-- PROBLEM DETAILS --
Return only these lines: the one that contains "[00:00:03.1]" and every line after it through the end of the listing, exactly, without pictures.

┄┄┄┄┄┄

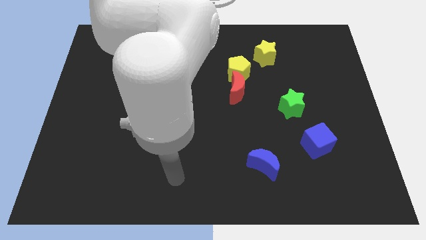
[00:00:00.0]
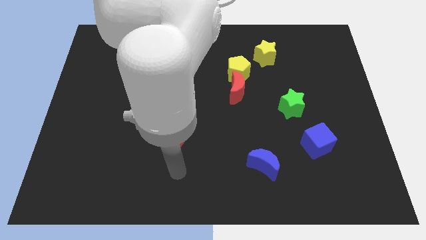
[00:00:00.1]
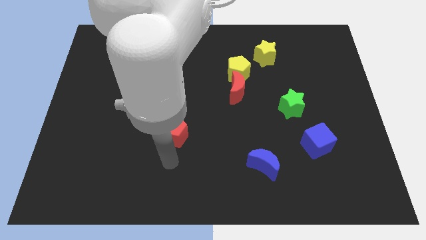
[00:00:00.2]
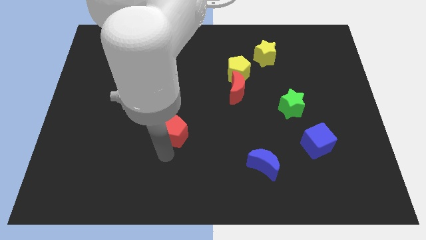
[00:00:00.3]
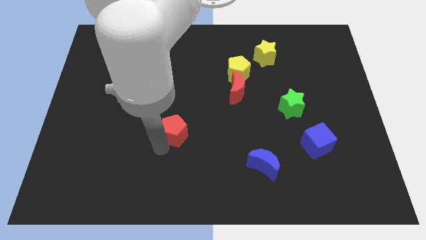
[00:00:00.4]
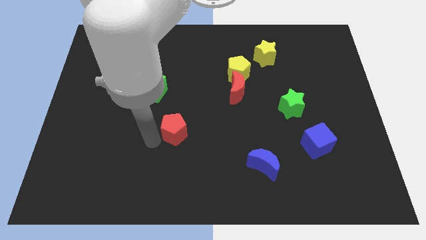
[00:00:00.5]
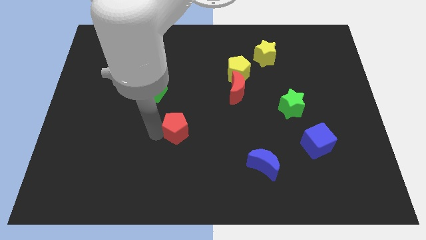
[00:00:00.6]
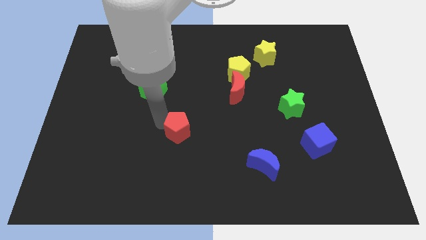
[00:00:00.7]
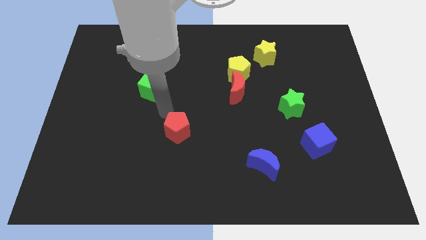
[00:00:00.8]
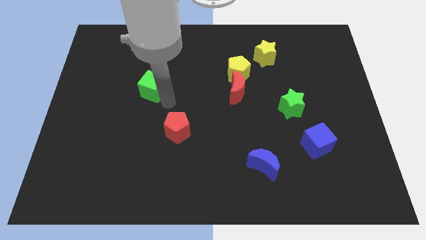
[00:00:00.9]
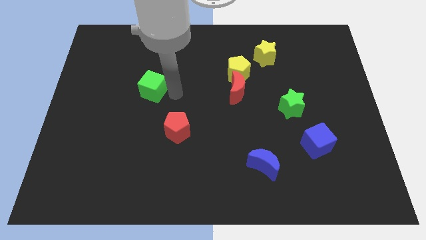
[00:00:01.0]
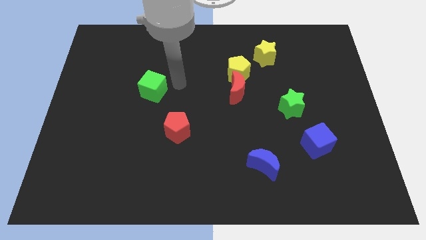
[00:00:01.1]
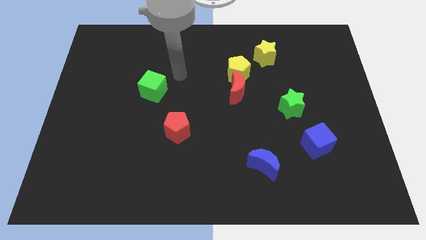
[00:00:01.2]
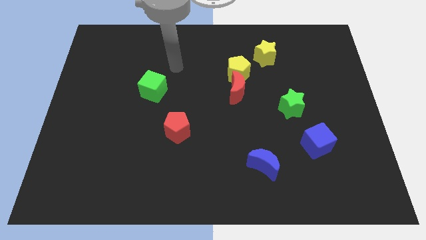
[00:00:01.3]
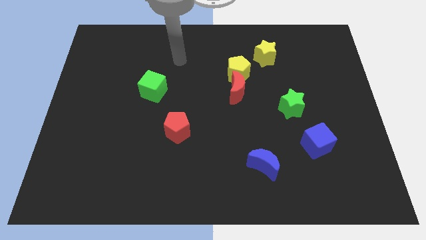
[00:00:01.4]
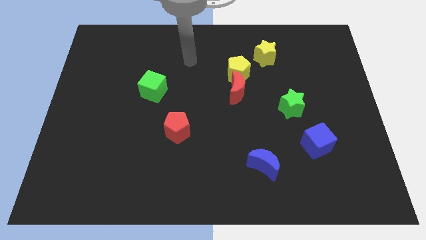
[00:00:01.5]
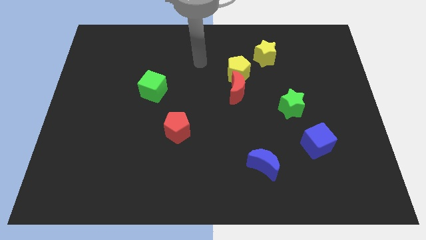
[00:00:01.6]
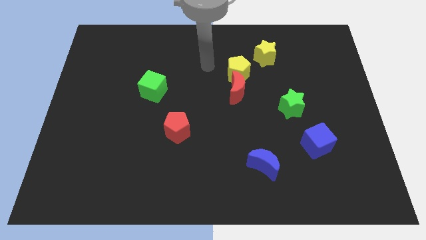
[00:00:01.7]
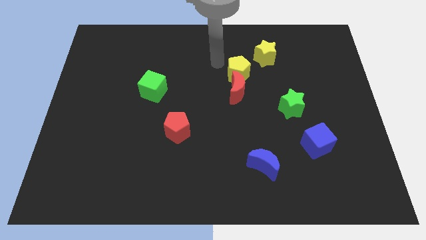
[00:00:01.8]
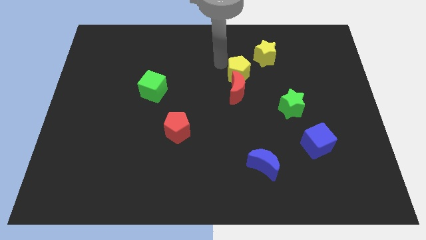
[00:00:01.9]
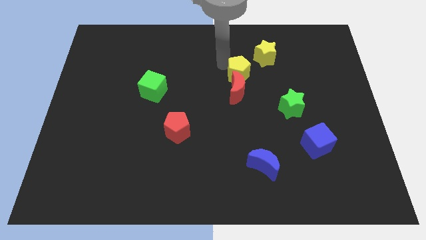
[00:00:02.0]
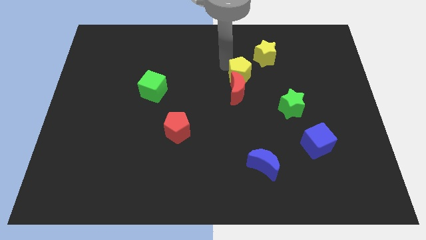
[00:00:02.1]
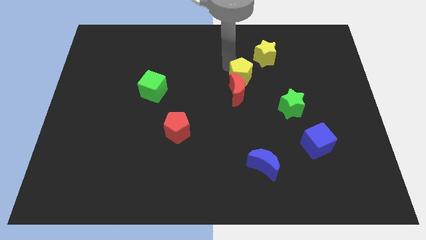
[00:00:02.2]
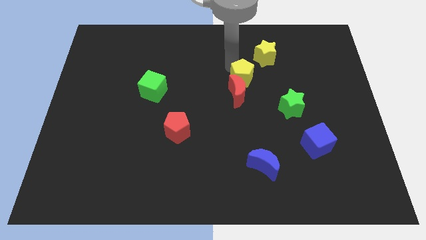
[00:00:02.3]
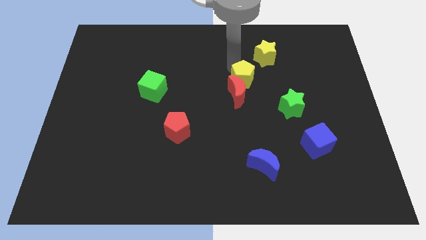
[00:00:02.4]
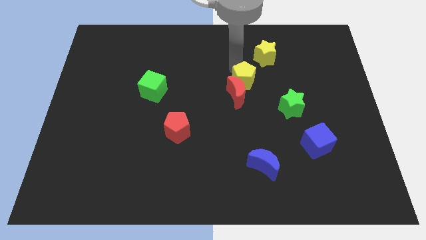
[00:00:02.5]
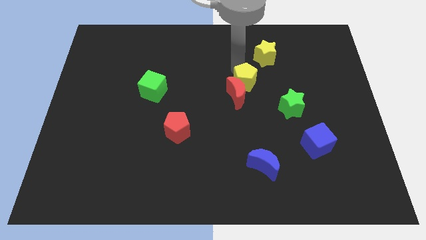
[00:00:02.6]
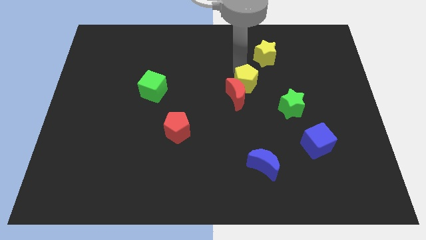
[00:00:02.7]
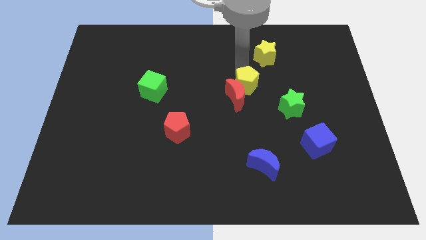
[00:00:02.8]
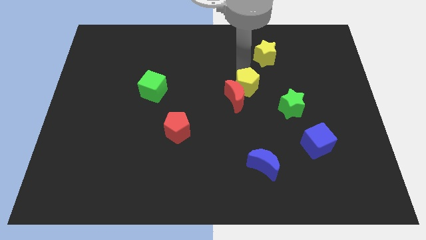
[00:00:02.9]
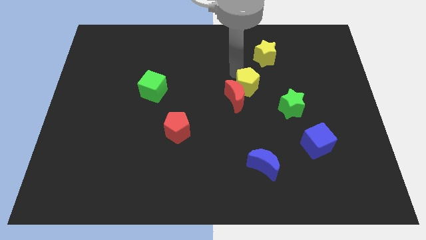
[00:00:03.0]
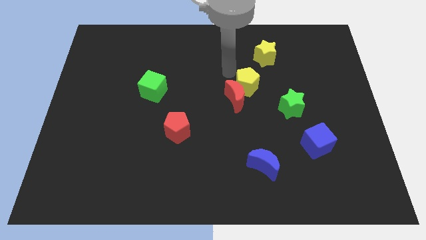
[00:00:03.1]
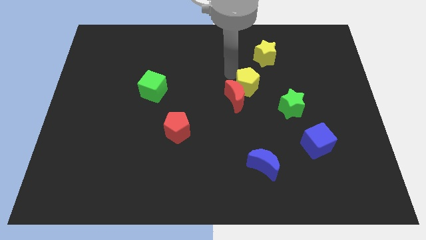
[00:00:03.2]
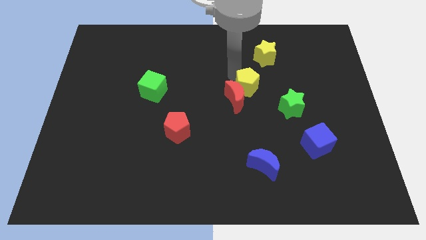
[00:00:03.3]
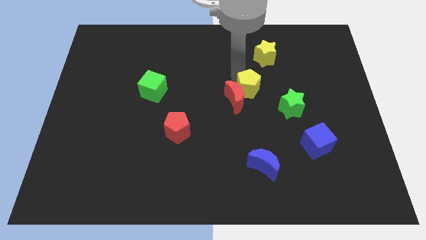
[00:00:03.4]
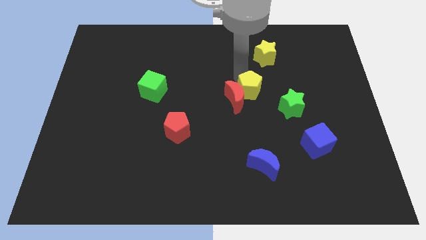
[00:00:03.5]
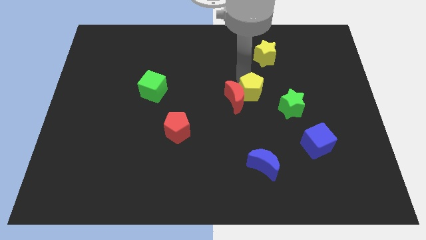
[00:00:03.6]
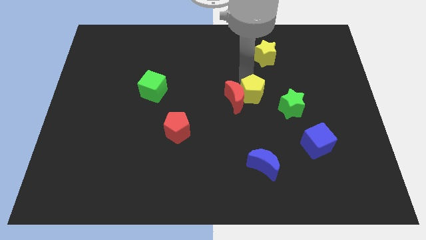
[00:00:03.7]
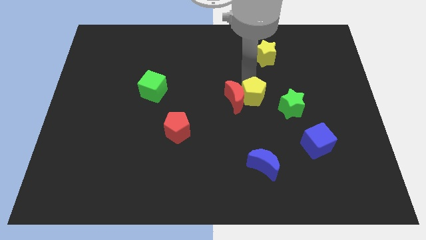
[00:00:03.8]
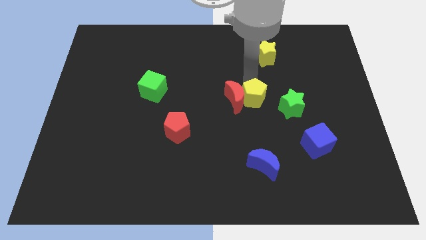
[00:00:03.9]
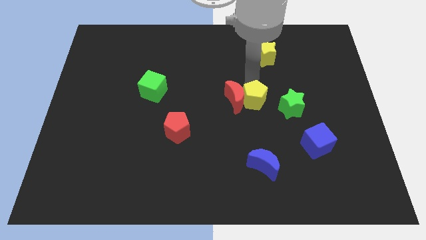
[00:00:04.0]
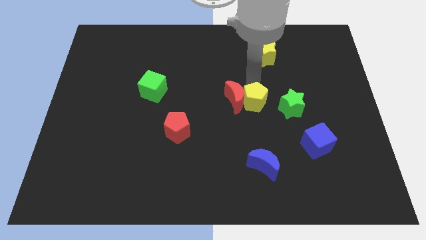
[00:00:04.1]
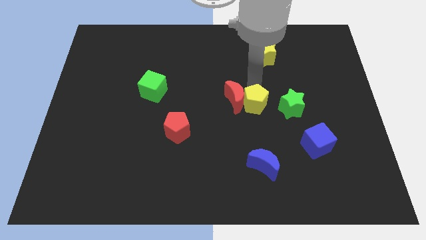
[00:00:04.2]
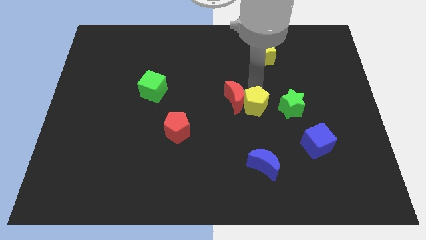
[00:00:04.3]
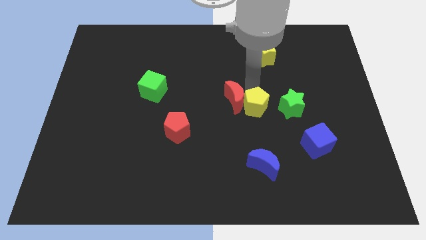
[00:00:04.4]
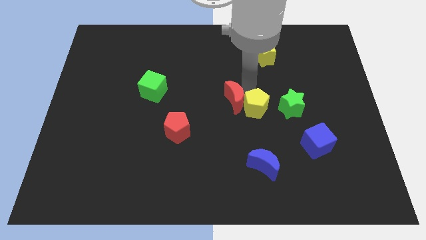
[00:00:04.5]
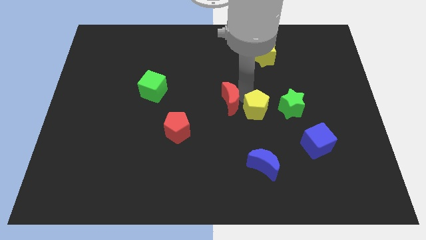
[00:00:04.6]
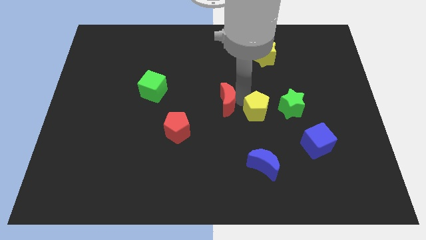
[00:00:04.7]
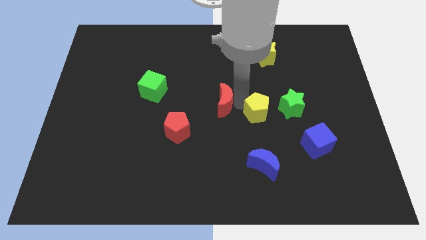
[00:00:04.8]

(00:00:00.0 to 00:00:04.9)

┄┄┄┄┄┄

-- RESPONSE FOR THIS EXERCISE --
[00:00:03.1]
[00:00:03.2]
[00:00:03.3]
[00:00:03.4]
[00:00:03.5]
[00:00:03.6]
[00:00:03.7]
[00:00:03.8]
[00:00:03.9]
[00:00:04.0]
[00:00:04.1]
[00:00:04.2]
[00:00:04.3]
[00:00:04.4]
[00:00:04.5]
[00:00:04.6]
[00:00:04.7]
[00:00:04.8]

(00:00:00.0 to 00:00:04.9)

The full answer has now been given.